Pour la course principale, un Grand Prix doté d'une bourse de 150 000£, je décide de tenter ma chance et fais du shopping pour les meilleurs "odds" sur le No 4 (pigé au hasard, je n'y connais rien ici), qui oscille entre 10 et 15 pour 1. Je me décide enfin pour SportingBet, qui offre du 14 mais semble mieux équipé et plus sérieux que la plupart de ses rivaux. Après avoir écouté la façon dont les "punters" énoncent leurs paris, je m'avance avec assurance: "Ten each way on the four." Un rouquin en costume olive me tend aussitôt un coupon de caisse qui est mon billet.
Nous dénichons une place assise dans les marches de la grande estrade, le dos à une rampe d'escalier, nous relevant seulement au départ de l'épreuve. La piste est immense, si bien que la course d'un mille et deux furlongs démarre tout à l'autre bout, les chevaux ne nous paraissant guère plus gros que des souris derrière la barrière. Heureusement, le tableau d'affichage au milieu du champ se transforme en écran géant, offrant en gros plan les premières phases de la compétition.
Dans l'intervalle, les cotes ont évolué, mon No 4 étant désormais estimé à 25/1; j'aurais dû attendre. Pour l'instant, il se comporte pas mal, se tenant parmi les cinq ou six premiers. C'est seulement après le virage final, lorsque la quinzaine de concurrents se présentent sur le dernier droit (qui doit bien faire un kilomètre), que nous pouvons regarder notre argent courir "en direct".

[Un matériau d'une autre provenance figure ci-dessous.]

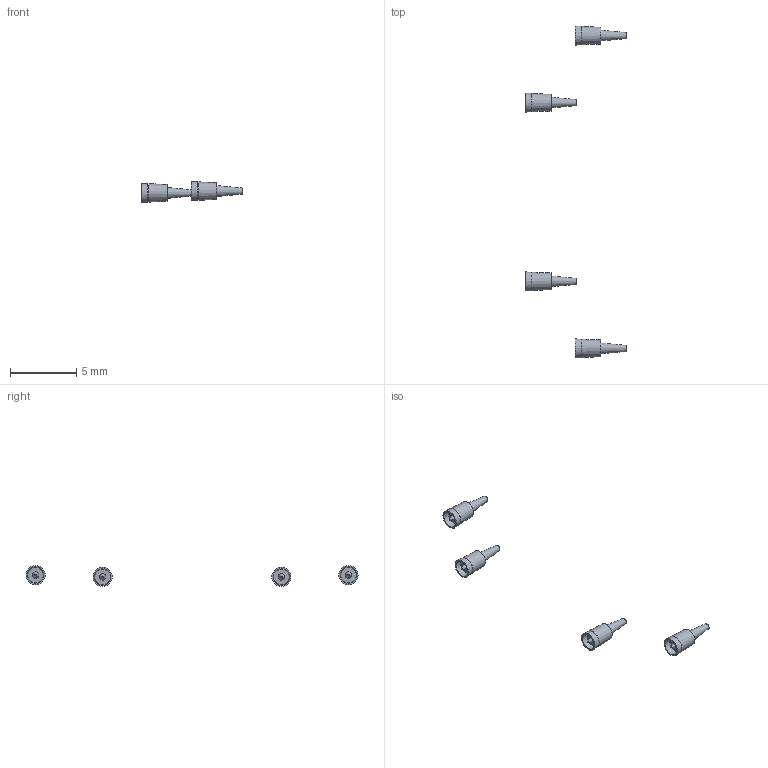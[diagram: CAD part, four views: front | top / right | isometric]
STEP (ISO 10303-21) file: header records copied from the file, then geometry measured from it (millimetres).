
FILE_DESCRIPTION(('Open CASCADE Model'),'2;1');
FILE_NAME('Open CASCADE Shape Model','2021-05-31T00:30:38',('Author'),( 'Open CASCADE'),'ParaPy 1.7.0 - Open CASCADE STEP processor 7.3', 'ParaPy 1.7.0 - Open CASCADE 7.3','Unknown');
FILE_SCHEMA(('AUTOMOTIVE_DESIGN { 1 0 10303 214 1 1 1 1 }'));
Length unit declared in the file: millimetre
Products named in the file (20): spinner; fan; core; nozzle; bypass
Bounding box: 7.64 x 25.14 x 1.59 mm (x, y, z)
Volume: 9 mm3; surface area: 114.8 mm2
Topology: 20 solids, 20 shells, 72 faces, 88 edges, 56 vertices
Faces by surface type: plane 40, cone 24, cylinder 8
Full cylindrical faces by diameter (mm): 0.828 x4, 1.251 x4
Entity records: 2960 total; most frequent: DIRECTION 458, CARTESIAN_POINT 401, ORIENTED_EDGE 176, PCURVE 176, DEFINITIONAL_REPRESENTATION 176, LINE 152, VECTOR 152, AXIS2_PLACEMENT_3D 129
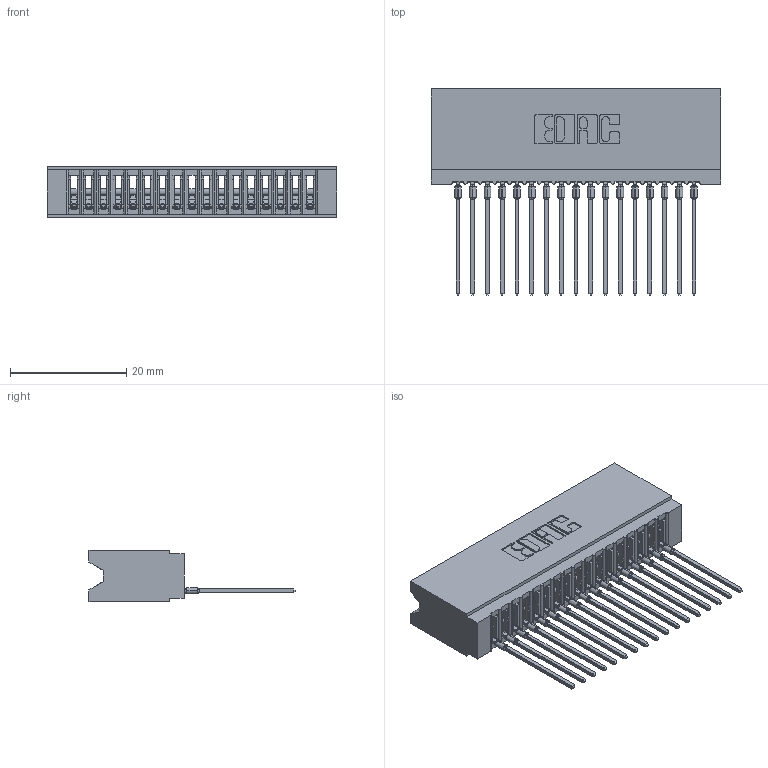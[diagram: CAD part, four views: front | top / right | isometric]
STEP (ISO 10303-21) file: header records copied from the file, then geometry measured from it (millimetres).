
FILE_DESCRIPTION (( 'STEP AP203' ), '1' );
FILE_NAME ('745-017-541-106.STEP', '2026-02-25T16:08:38', ( '' ), ( '' ), 'SwSTEP 2.0', 'SolidWorks 2023', '' );
FILE_SCHEMA (( 'CONFIG_CONTROL_DESIGN' ));
Length unit declared in the file: millimetre
Products named in the file (3): 745 Part_Insulator Option - 06; 745-292-001_541; 745-017-541-106
Assembly tree (18 placements, depth 2):
  745-017-541-106
    745 Part_Insulator Option - 06
    745-292-001_541  x17
Bounding box: 49.78 x 35.45 x 8.89 mm (x, y, z)
Volume: 4528.8 mm3; surface area: 8302.2 mm2
Topology: 18 solids, 18 shells, 2000 faces, 5496 edges, 3470 vertices
Faces by surface type: plane 1195, cylinder 363, bspline 340, torus 102
Entity records: 31509 total; most frequent: CARTESIAN_POINT 6053, ORIENTED_EDGE 5456, DIRECTION 4754, EDGE_CURVE 2728, VECTOR 2444, LINE 2444, VERTEX_POINT 1742, AXIS2_PLACEMENT_3D 1155

Un instant, je crois avoir touché le gros lot: à 2-300 mètres de l'arrivée, le 4 s'est hissé en tête et semble vouloir tenir le coup. Faux espoir, le 2, grand favori, vient le coiffer au fil d'arrivée suivi du 6. Bof, je n'ai pas tout perdu, le pari placé me rembourse ma mise, plus le prix d'entrée.
Toutes ces émotions nous ont donné soif, nous arrivons à capturer une table dans la brasserie derrière les estrades, que nous finirons par partager avec trois dames à chapeaux qui engoutissent des quantités impressionnantes de saucisses-purée et de rosbif-Yorkshire pudding, sans compter des pints de bière locale.

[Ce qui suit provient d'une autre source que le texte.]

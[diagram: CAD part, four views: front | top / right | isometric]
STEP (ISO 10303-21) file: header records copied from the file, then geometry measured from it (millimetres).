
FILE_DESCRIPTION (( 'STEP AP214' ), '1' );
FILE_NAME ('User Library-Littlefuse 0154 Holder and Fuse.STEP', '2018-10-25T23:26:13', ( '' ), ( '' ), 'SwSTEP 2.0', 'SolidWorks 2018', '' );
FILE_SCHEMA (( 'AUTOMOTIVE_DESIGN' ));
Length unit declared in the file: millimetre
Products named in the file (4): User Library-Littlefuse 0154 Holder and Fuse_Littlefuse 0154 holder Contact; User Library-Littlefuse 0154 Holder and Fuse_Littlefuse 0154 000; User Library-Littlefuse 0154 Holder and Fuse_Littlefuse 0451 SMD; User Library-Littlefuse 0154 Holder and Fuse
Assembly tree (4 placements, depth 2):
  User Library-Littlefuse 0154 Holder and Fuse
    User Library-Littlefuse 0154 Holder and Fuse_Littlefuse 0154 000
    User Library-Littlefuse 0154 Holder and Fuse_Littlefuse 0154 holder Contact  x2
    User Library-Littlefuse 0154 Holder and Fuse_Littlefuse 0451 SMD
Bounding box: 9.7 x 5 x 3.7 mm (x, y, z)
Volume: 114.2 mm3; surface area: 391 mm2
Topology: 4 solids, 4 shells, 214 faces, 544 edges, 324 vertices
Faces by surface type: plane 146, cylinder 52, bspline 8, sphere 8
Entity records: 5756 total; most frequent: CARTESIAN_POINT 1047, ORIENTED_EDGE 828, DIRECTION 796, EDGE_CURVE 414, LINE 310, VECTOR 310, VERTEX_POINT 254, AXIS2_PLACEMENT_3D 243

Après deux autres épreuves moins excitantes (pour pouliches sur courte distance et pour novices de 3-4 ans plus ou moins estropiés), nous décidons de nous défiler avant la fin pour éviter la galopade vers les stationnements et les taxis.
Dimanche, nous complétons notre tour de ville et suivons une recommandation du routard, le restaurant Melton's, champion de la cuisine locale... et des portions gargantuesques. Ma tourte au steak et à la bière est aussi énorme que savoureuse, Azur hérite d'un foie de veau-bacon de très bon niveau. Pause à la terrasse d'une taverne au bord de l'Ouse, pour contempler les ébats des cygnes, oies et canards en sirotant un digestif.
L'hôtel nous a déniché un chauffeur aussi discret que compétent pour la dernière étape de notre trajet vers le nord. Nous faisons un détour vers la superbe petite ville de Dunham, antique et coquette, à la sortie de laquelle nous nous arrêtons pour bouffer dans un resto de bord d'autoroute, une des rares vraies déceptions du voyage: décor prétentieux, barman revêche, service inexistant, nourriture standard sans saveur. Fallait bien que ça arrive au moins une fois, pour justifier tous ces préjugés contre la cuisine anglaise!
Pour entrer en Écosse, nous quittons l'autoroute et zigzaguons par monts et par vaux à travers le joli parc des Lothians. Le temps se couvre au moment où nous franchissons le Mur d'Hadrien (une ruine à peine perceptible sous un vallonnement de gazon qui se perd à l'horizon vers l'ouest) et atteignons une borne de pierre symbolique qui marque "The Border" entre l'Angleterre et sa voisine du nord.
Graduellement, le paysage devient plus sauvage et plus tumultueux, avant de s'apaiser à l'approche de la capitale. Édimbourg est sous une pluie fine quand nous y entrons en fin de journée, tout paraît gris et sévère.